* _Records for the task_:
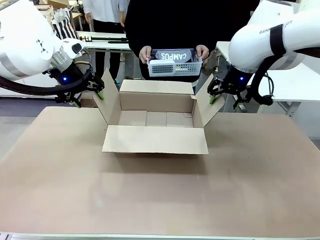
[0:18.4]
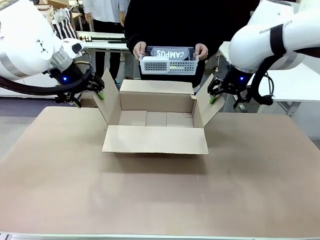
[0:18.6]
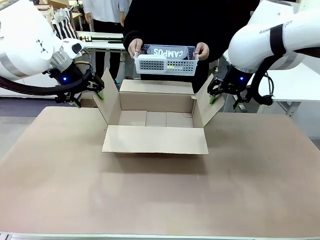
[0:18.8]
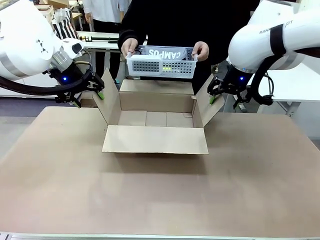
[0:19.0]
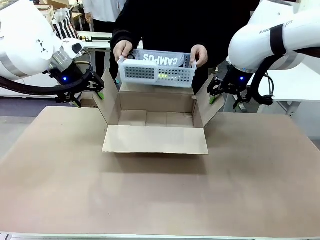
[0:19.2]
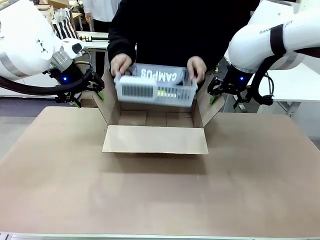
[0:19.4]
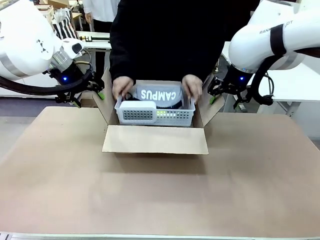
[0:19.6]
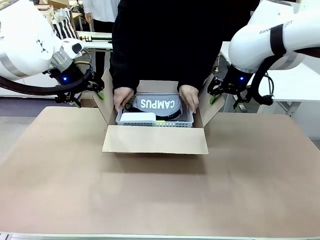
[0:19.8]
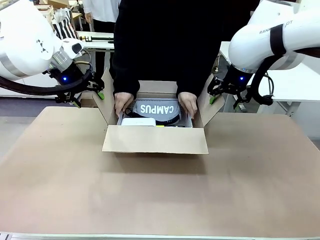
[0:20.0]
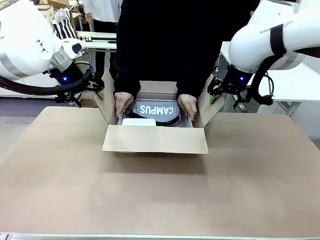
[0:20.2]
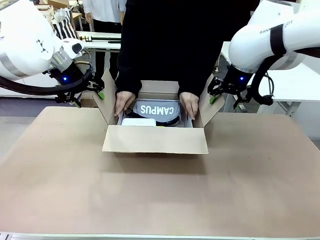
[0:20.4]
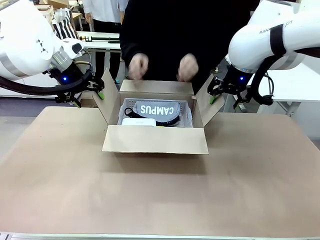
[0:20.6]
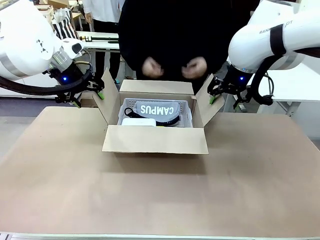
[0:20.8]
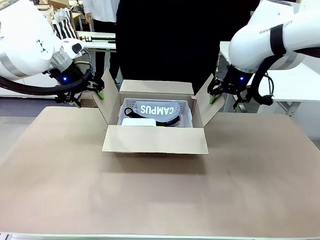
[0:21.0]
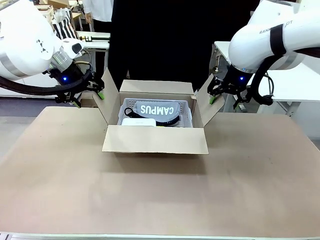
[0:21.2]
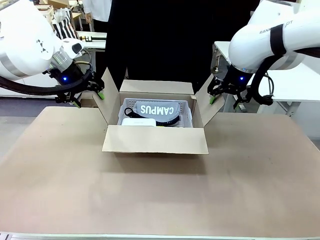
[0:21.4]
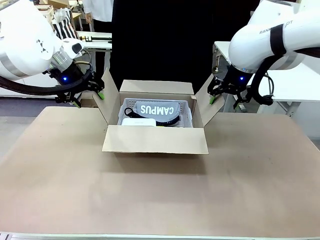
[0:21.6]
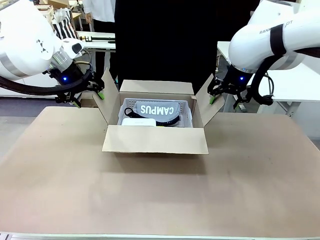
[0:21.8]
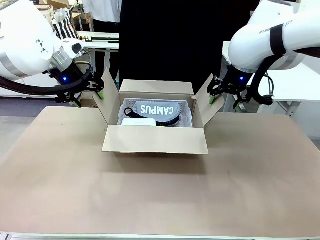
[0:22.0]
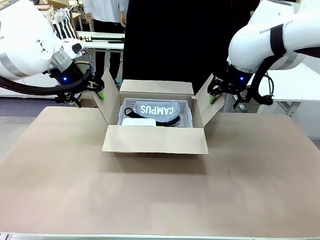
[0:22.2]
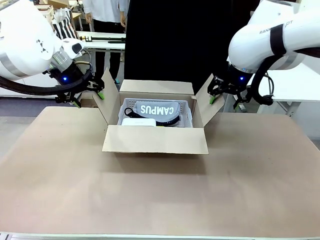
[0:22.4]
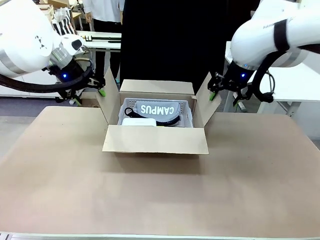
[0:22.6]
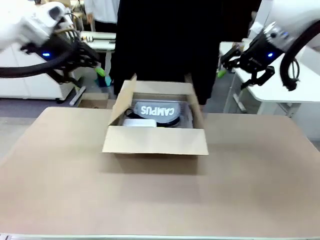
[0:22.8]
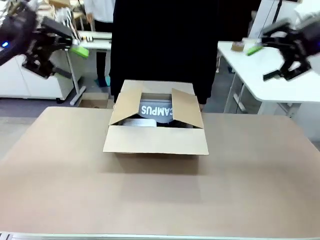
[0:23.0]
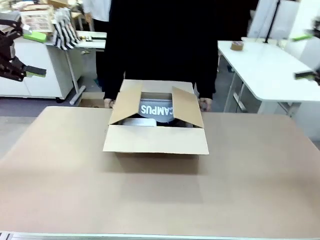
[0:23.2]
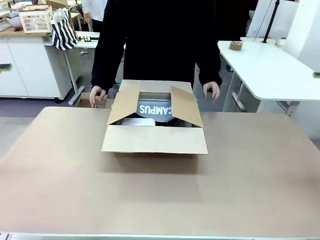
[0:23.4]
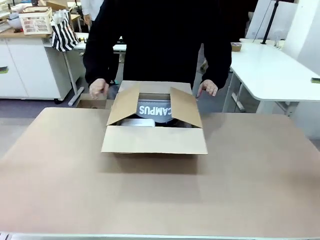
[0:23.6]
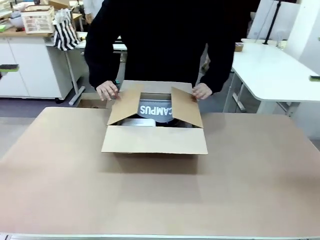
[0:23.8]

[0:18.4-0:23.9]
Robot: Lift both hands away from the flaps of the Package Box.

* _What you will do_: Copy the entries precisely, images excluded.

* _Answer box_:
[0:18.4]
[0:18.6]
[0:18.8]
[0:19.0]
[0:19.2]
[0:19.4]
[0:19.6]
[0:19.8]
[0:20.0]
[0:20.2]
[0:20.4]
[0:20.6]
[0:20.8]
[0:21.0]
[0:21.2]
[0:21.4]
[0:21.6]
[0:21.8]
[0:22.0]
[0:22.2]
[0:22.4]
[0:22.6]
[0:22.8]
[0:23.0]
[0:23.2]
[0:23.4]
[0:23.6]
[0:23.8]

[0:18.4-0:23.9]
Robot: Lift both hands away from the flaps of the Package Box.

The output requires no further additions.